There are companies that do tunes right now that most likely cover this. Of course, they're for off-road and racing only...
Just like my straight-pipe catalytic converter. But I don't feel the slightest bit bad about trying to wring every ounce of power from a 1.6l 4 cylinder engine. And neither should TDI owners.
You shouldn't feel bad. I wish VW could double down and say "sucks we got caught, but we value our customers more than we value bureaucrats."
Indeed. We own an older TDI and other than the spartan interior, I'd buy another. Pretty good mileage and performance and it passes emissions tests. What's the problem?
Define 'older'. The 'scandal' effects 2.0L TDI engines from 2009-2015 model years. Anything from before the 2009 model year is not in consideration.
"sucks we got caught, but we value our customers more than we value bureaucrats."
They value their customers so much, they decided to lie to and defraud them en masse!
Granted, it's the over-restrictive regulatory environment that ultimately incentivized them to do so, but let's call a spade a spade.

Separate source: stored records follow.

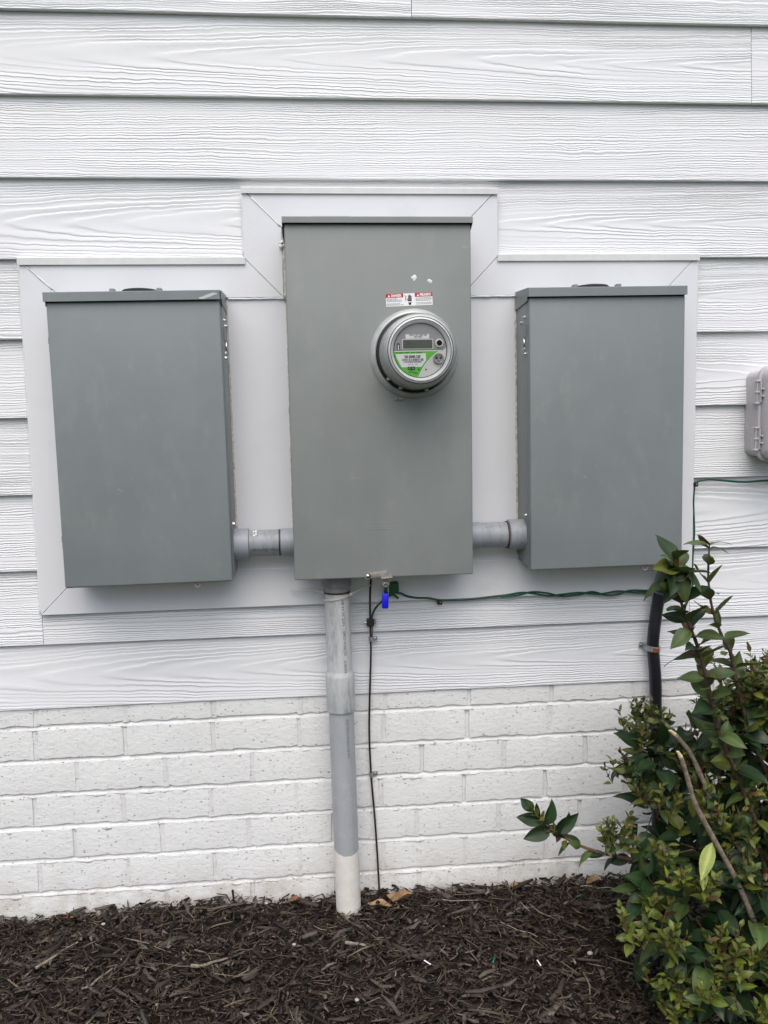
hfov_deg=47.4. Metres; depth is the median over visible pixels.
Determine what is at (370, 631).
ground wire
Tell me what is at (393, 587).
wire connector
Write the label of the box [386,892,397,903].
dead leaf
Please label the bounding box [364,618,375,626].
ground clamp
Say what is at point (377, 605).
green wire
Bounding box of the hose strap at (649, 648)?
[639,642,659,652]
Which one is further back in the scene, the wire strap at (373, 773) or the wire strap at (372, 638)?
the wire strap at (373, 773)
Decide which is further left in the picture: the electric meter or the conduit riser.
the conduit riser
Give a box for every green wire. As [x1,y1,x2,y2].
[371,601,381,618]
[395,487,694,600]
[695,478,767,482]
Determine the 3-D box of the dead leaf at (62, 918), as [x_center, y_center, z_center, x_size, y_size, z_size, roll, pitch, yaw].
[-0.783,0.985,2.122,0.070,0.013,0.019,-2,6,-5]
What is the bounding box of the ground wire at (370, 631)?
[368,578,379,894]
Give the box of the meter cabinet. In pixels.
[279,216,472,586]
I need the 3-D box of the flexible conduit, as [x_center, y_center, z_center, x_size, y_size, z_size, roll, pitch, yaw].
[0.692,0.532,2.189,0.049,0.876,0.076,-4,7,-21]
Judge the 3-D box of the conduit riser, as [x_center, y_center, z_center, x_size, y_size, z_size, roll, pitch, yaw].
[-0.101,0.582,2.100,0.076,0.905,0.069,-2,6,-5]
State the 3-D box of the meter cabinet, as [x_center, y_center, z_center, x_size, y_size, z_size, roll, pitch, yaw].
[-0.017,-0.244,1.996,0.425,0.822,0.157,-2,6,-5]
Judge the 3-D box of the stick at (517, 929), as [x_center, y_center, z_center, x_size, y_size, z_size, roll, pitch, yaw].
[0.313,0.971,2.036,0.099,0.006,0.005,4,8,39]
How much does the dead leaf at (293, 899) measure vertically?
0.014 m
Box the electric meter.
[370,309,457,399]
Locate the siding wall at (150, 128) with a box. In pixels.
[0,0,767,710]
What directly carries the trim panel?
attached to the siding wall at (150, 128)
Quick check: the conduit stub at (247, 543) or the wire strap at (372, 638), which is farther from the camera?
the wire strap at (372, 638)
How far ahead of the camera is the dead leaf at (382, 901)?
2.15 m
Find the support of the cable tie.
attached to the conduit riser
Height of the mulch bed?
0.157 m
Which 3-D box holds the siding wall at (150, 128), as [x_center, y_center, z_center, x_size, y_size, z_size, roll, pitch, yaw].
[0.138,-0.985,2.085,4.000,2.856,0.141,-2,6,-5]
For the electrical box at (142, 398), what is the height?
0.666 m
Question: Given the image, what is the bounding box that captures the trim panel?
[17,187,699,614]
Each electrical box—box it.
[42,288,237,587]
[515,284,687,570]
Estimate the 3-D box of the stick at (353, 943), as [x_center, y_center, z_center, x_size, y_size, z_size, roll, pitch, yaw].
[-0.058,0.977,1.980,0.063,0.009,0.009,0,6,11]
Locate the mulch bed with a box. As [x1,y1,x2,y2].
[0,879,764,1023]
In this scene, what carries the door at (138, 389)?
in the electrical box at (142, 398)
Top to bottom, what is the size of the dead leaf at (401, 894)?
0.023 m
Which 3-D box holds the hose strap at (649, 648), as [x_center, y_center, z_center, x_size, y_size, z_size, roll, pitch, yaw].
[0.663,0.339,2.186,0.052,0.021,0.031,1,7,20]
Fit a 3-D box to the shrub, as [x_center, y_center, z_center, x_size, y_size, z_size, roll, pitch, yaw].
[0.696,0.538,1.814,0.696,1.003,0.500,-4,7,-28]
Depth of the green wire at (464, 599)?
2.16 m
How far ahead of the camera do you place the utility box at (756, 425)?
2.10 m
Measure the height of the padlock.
0.061 m
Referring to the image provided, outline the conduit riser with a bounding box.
[322,578,360,919]
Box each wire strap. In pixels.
[369,636,376,641]
[369,771,376,776]
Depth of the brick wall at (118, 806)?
2.17 m
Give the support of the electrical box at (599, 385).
attached to the trim panel
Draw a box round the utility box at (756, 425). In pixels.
[744,366,767,460]
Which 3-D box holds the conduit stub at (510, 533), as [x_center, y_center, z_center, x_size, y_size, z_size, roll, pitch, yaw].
[0.265,0.054,2.079,0.143,0.072,0.072,-2,6,-5]
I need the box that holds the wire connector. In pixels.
[384,581,398,596]
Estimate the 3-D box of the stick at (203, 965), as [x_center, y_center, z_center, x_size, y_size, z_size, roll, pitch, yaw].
[-0.384,0.992,1.925,0.083,0.009,0.011,-3,7,-16]
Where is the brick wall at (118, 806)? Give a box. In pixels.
[0,677,767,922]
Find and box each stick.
[35,941,77,968]
[81,968,112,989]
[190,958,226,967]
[345,941,371,946]
[431,898,477,900]
[500,922,537,936]
[580,885,612,888]
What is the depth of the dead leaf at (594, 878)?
2.22 m
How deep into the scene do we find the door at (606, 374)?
2.01 m
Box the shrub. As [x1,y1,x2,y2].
[516,534,767,1023]
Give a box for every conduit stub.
[233,528,293,559]
[473,519,526,548]
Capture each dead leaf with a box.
[46,914,73,920]
[285,896,304,903]
[368,899,390,906]
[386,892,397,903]
[393,889,413,901]
[586,875,602,884]
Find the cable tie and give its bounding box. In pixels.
[291,585,369,600]
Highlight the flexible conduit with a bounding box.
[647,592,663,825]
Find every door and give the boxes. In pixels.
[46,300,232,587]
[527,296,684,570]
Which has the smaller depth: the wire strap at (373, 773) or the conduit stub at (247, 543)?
the conduit stub at (247, 543)
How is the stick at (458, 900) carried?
on the mulch bed
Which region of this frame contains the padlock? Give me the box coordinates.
[382,582,388,608]
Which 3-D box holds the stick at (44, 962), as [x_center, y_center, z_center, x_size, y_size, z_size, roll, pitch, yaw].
[-0.736,0.997,1.970,0.011,0.011,0.108,3,8,35]

How did they defraud their customers? They lied to bureaucrats in order to give their customers a better car. Because the intent of the regulation was to punish people who drive diesel cars with shitty performance, and VW allowed their customers a better performance.
Call it corporate civil disobedience. More companies need to start engaging in it.
How did they defraud their customers? They lied to bureaucrats in order to give their customers a better car.
But a "better car" is subjective. Some people, whether you agree with them or not, will weigh factors like environmental impact more heavily in their purchasing decisions than others. Some people would gladly trade performance for less emissions and consider that getting "a better car". You can call them morons for doing so, but that's no matter. Insofar as VW represented that their cars had comparatively smaller environmental impact compared to other driving alternatives based on those cars passing these emission standards when that was not so, they defrauded their customers.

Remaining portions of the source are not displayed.